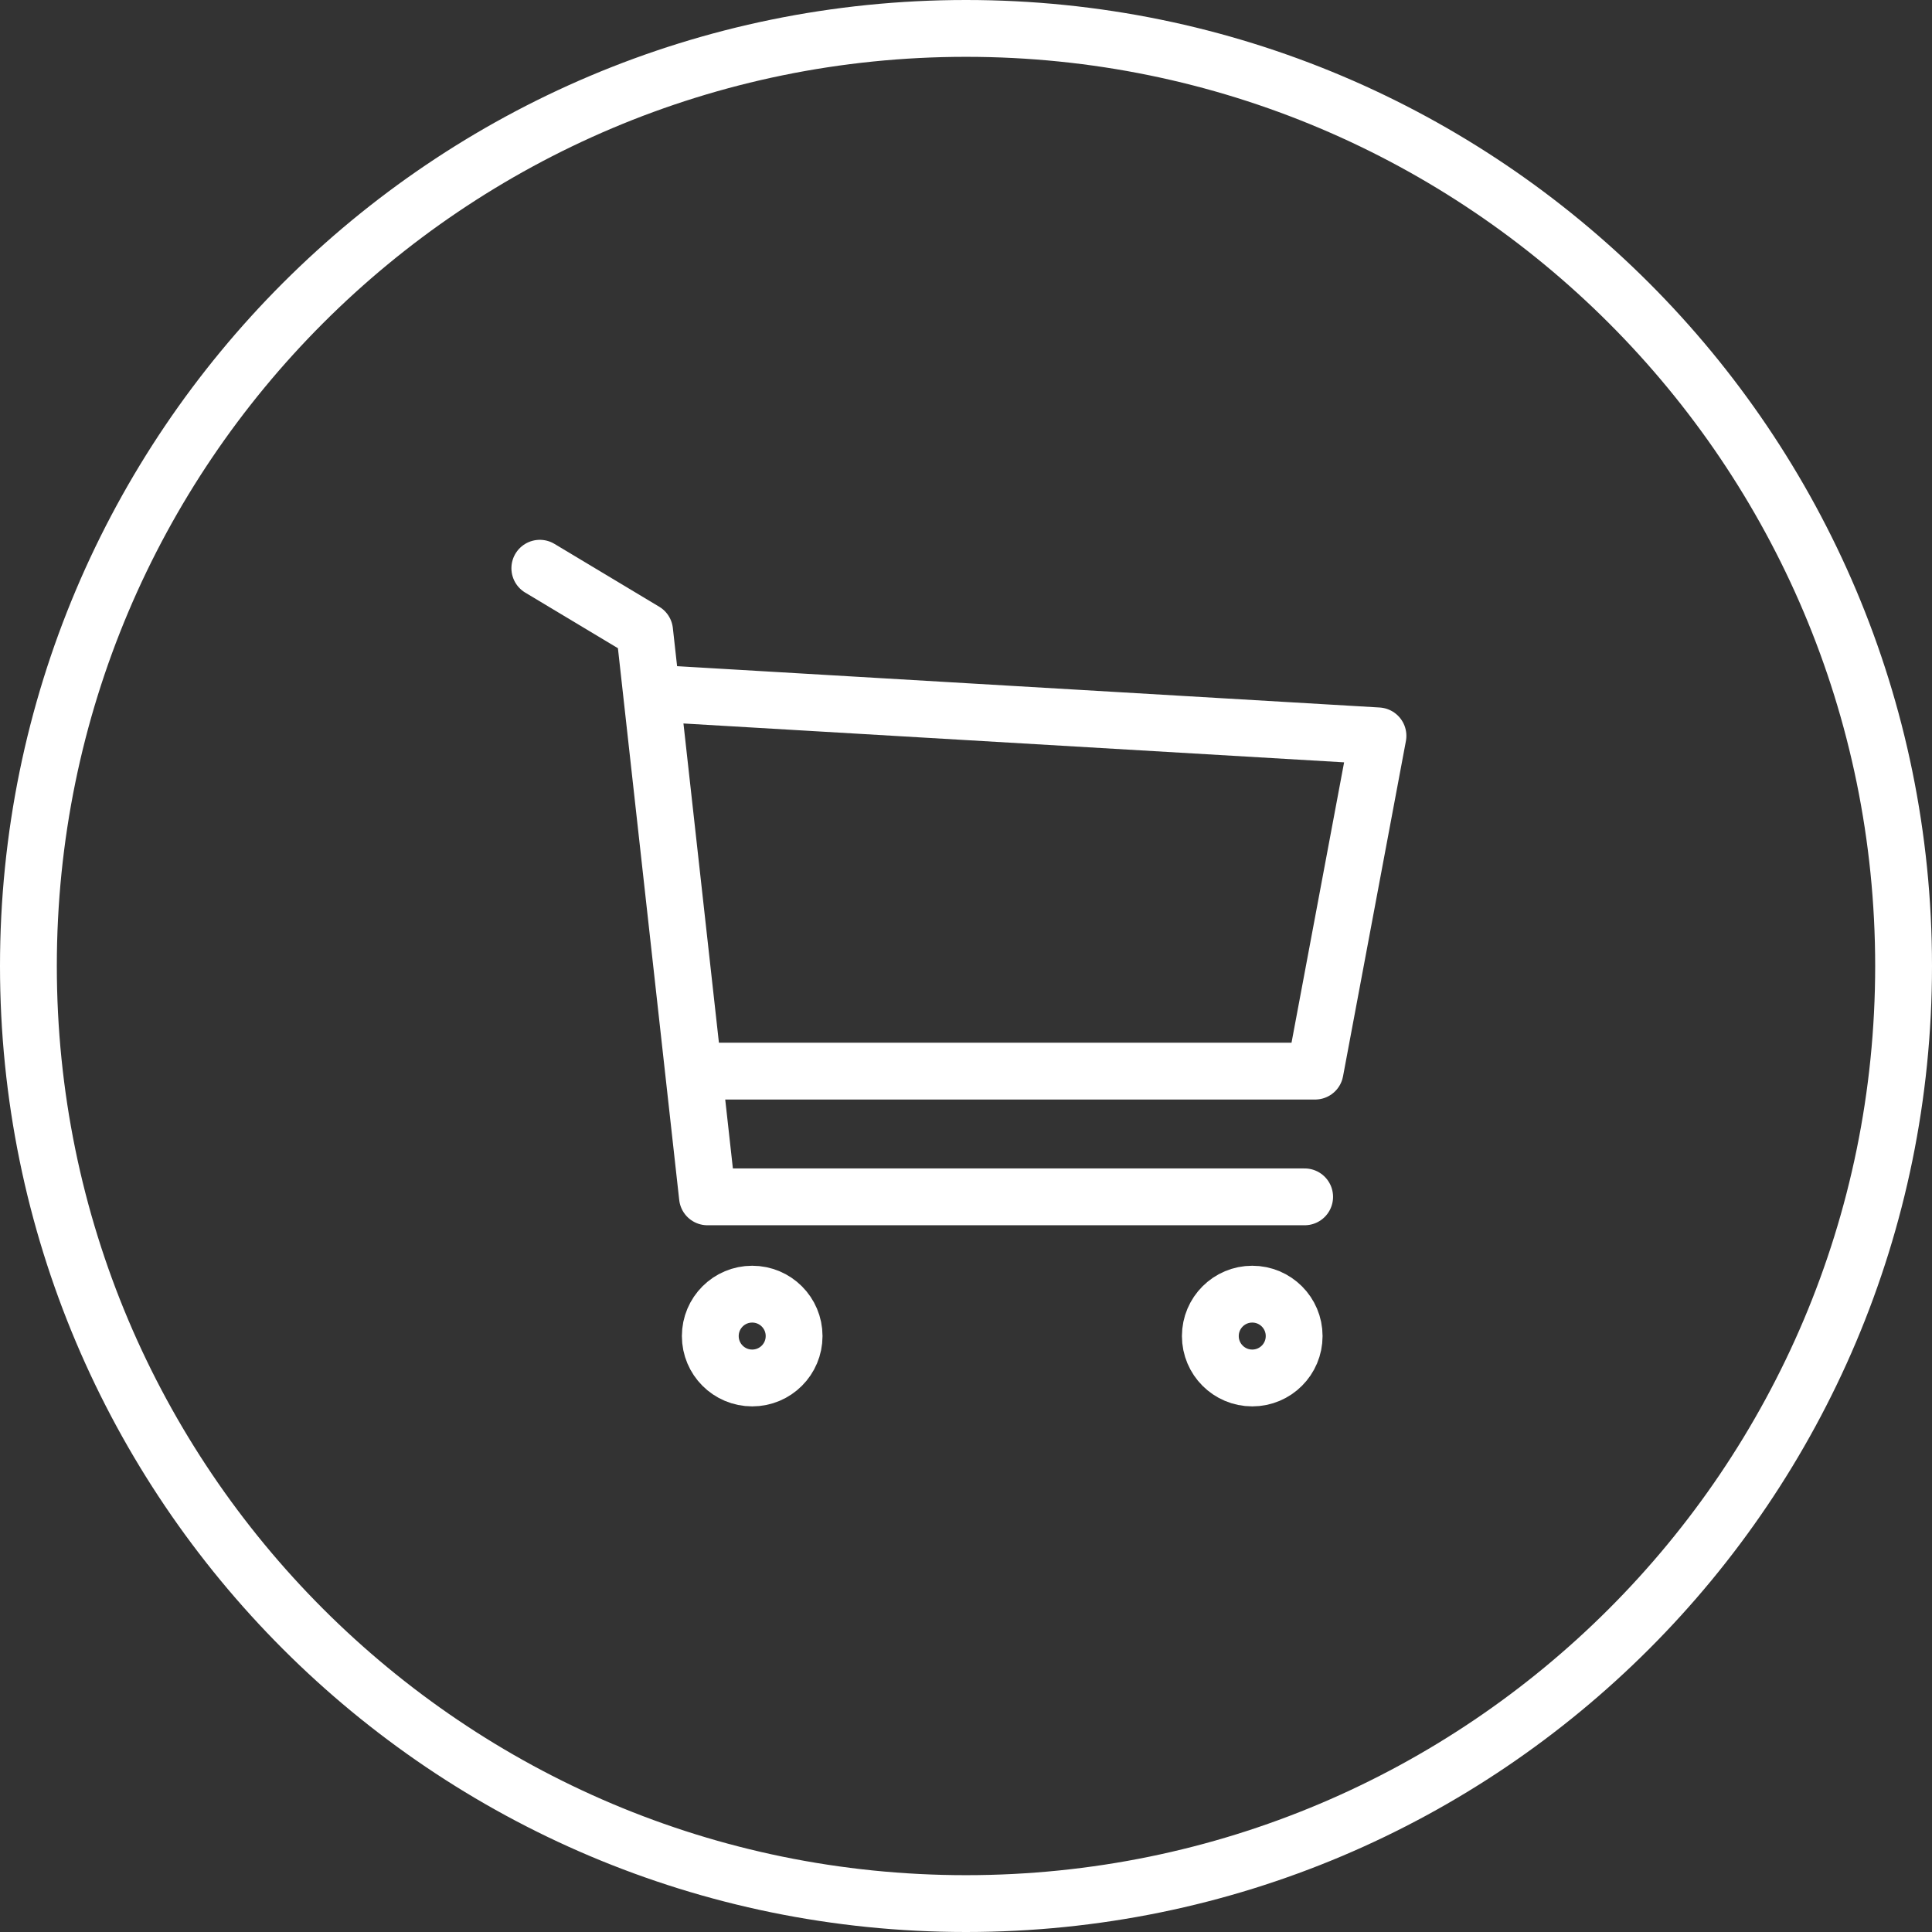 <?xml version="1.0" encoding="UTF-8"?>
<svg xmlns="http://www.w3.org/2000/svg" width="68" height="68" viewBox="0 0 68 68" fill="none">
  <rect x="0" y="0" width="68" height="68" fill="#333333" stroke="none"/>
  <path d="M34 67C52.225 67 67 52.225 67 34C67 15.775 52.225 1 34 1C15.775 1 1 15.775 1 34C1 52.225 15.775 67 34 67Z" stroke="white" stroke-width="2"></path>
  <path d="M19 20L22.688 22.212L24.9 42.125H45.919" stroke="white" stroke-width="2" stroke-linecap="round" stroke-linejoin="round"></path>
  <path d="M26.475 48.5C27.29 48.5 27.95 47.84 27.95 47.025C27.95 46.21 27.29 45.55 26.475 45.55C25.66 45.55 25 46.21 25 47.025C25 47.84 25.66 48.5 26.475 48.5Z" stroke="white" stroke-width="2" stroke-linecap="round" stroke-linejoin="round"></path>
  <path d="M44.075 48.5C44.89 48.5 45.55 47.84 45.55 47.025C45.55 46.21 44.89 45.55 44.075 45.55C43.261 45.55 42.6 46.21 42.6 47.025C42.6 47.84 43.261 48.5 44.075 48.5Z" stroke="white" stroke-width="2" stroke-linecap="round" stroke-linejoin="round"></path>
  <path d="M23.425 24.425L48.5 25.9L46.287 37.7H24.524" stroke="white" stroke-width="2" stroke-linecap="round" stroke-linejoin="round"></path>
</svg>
────────────────────────────────────────
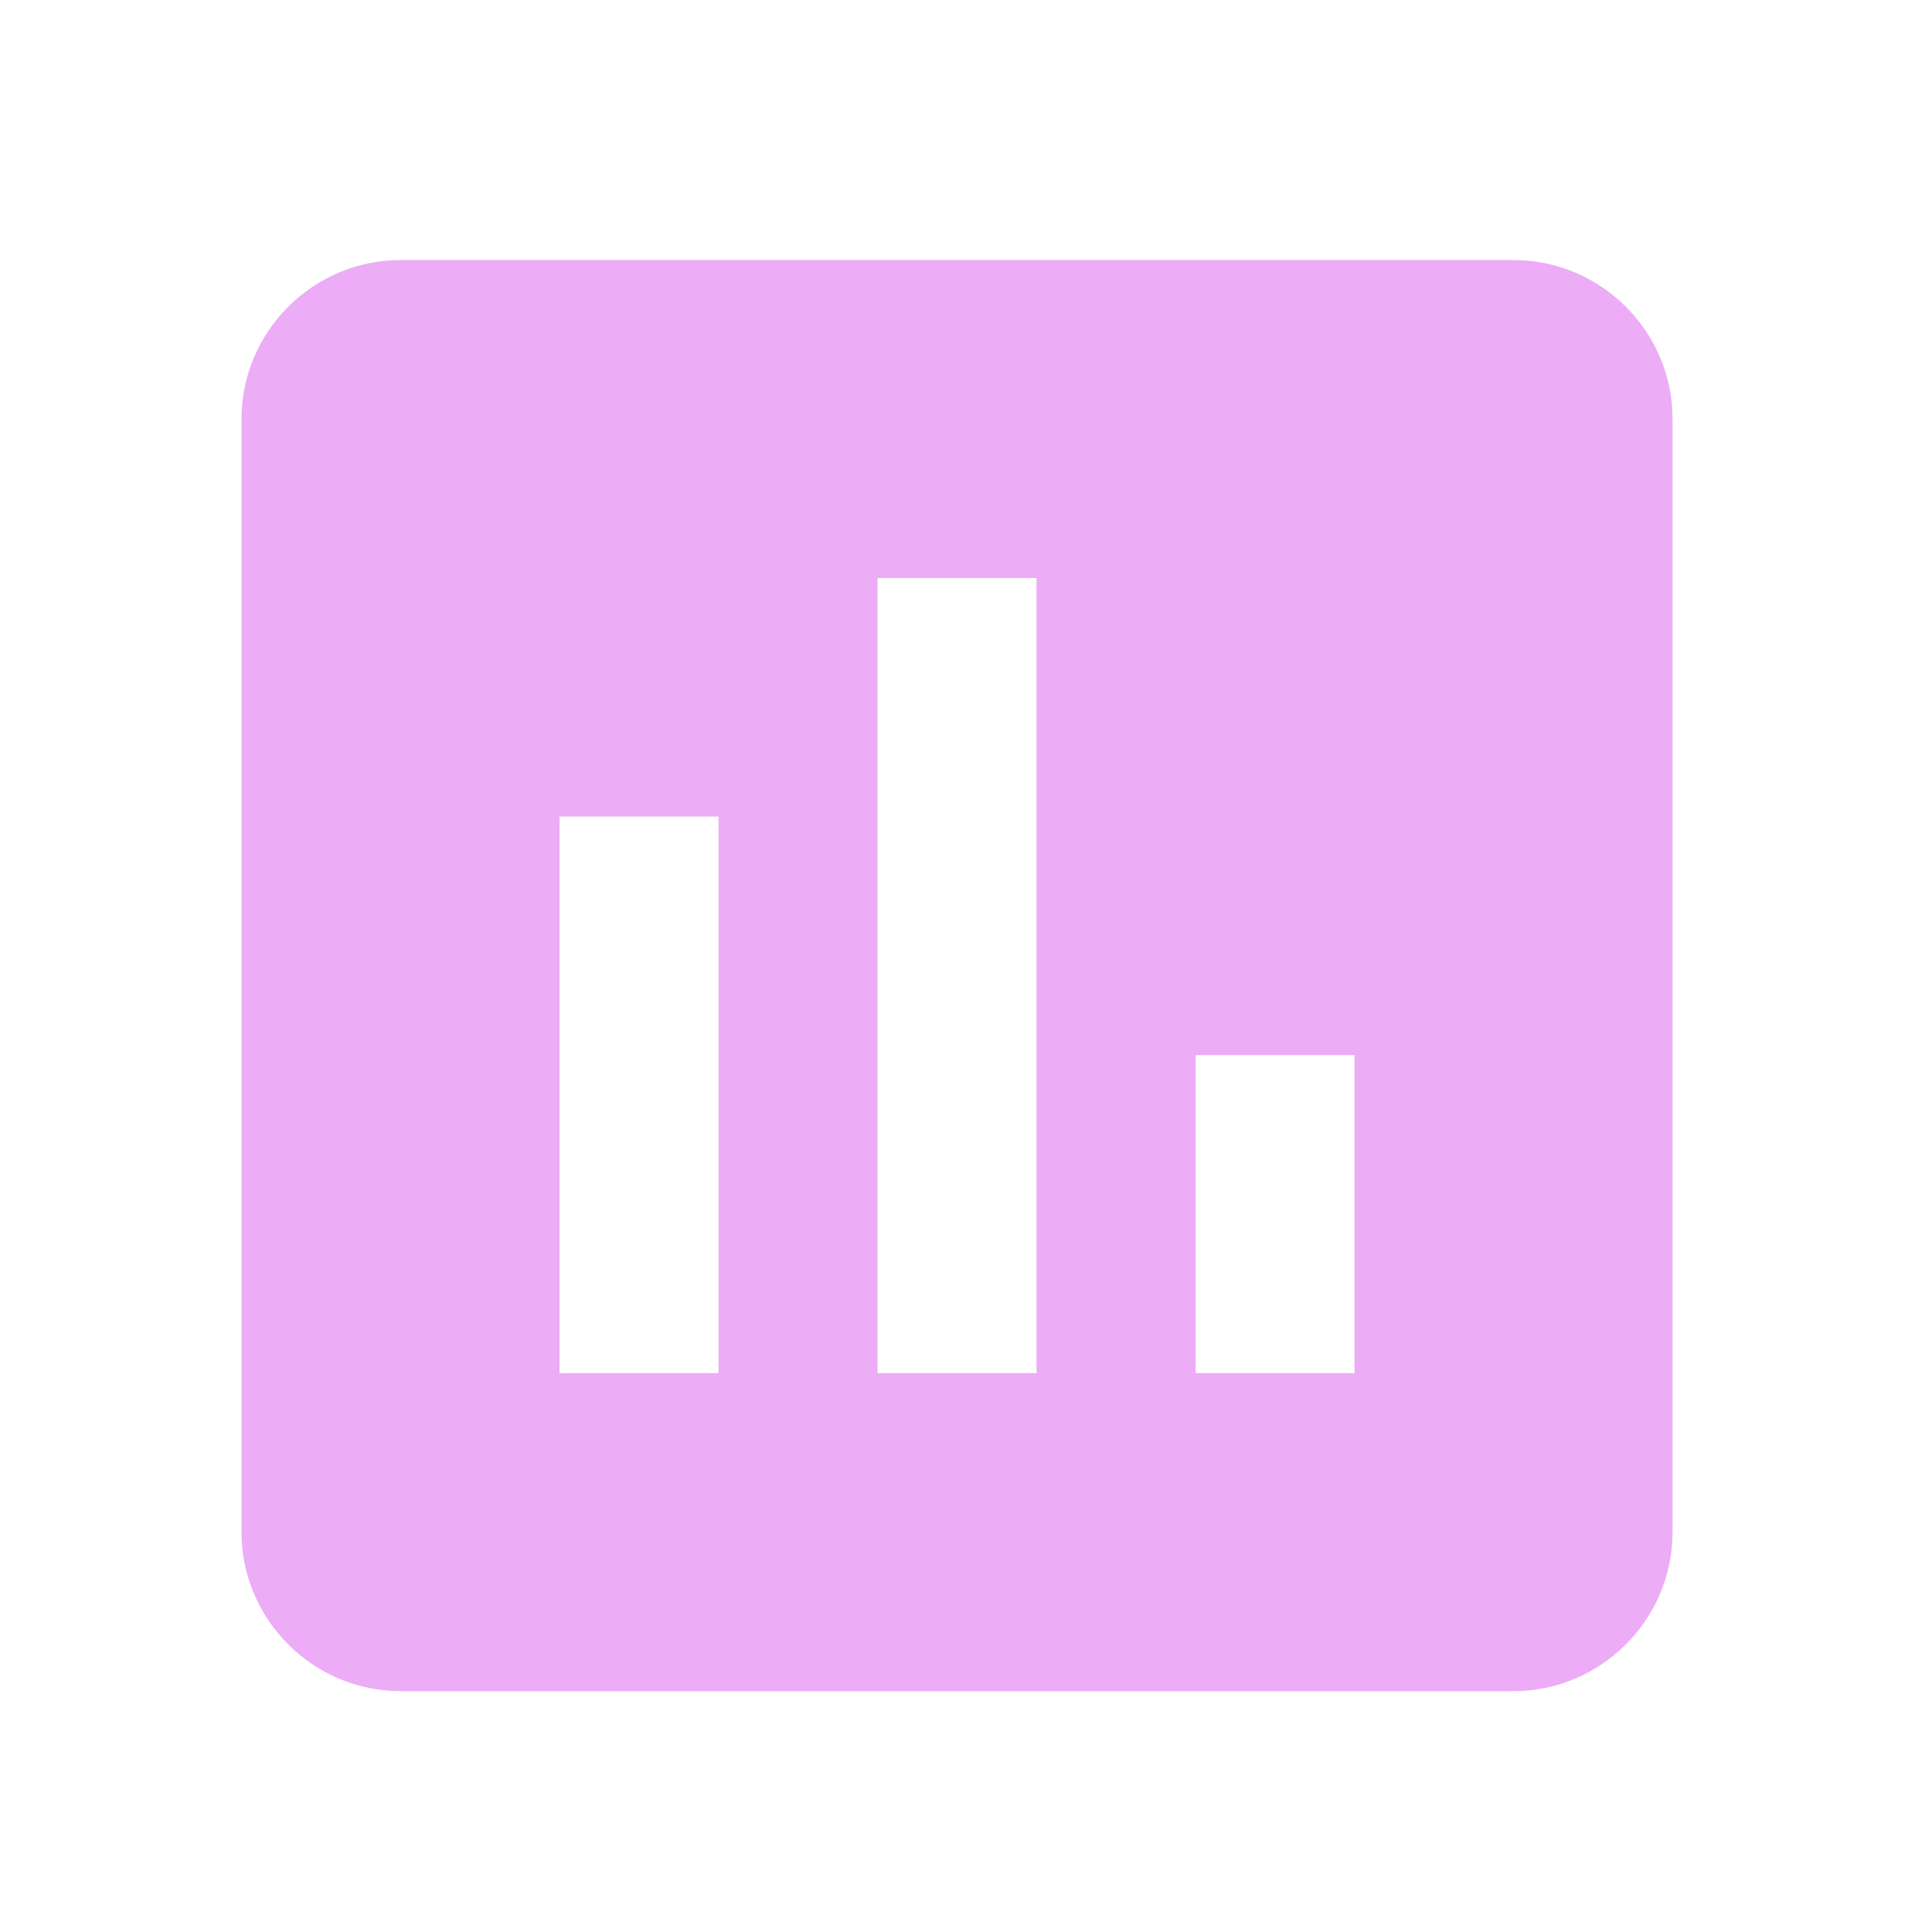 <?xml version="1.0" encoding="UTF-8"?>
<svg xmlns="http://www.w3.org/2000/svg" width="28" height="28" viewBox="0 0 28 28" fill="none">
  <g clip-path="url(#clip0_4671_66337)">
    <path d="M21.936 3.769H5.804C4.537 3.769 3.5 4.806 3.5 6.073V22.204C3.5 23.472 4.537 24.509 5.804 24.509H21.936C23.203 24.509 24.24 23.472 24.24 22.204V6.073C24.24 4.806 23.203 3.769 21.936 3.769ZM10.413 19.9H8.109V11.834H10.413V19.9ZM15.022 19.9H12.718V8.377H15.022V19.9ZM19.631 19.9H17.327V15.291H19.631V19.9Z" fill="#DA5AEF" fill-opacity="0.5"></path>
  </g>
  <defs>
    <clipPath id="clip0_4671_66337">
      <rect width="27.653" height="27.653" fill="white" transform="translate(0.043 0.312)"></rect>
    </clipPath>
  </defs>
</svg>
────────────────────────────────────────
GOAL OF THE EXERCISE =>
Take every line from the data above that holds "viewBox" and copy it out.

ANSWER TO THE EXERCISE =>
<svg xmlns="http://www.w3.org/2000/svg" width="68" height="68" viewBox="0 0 68 68" fill="none">
<svg xmlns="http://www.w3.org/2000/svg" width="28" height="28" viewBox="0 0 28 28" fill="none">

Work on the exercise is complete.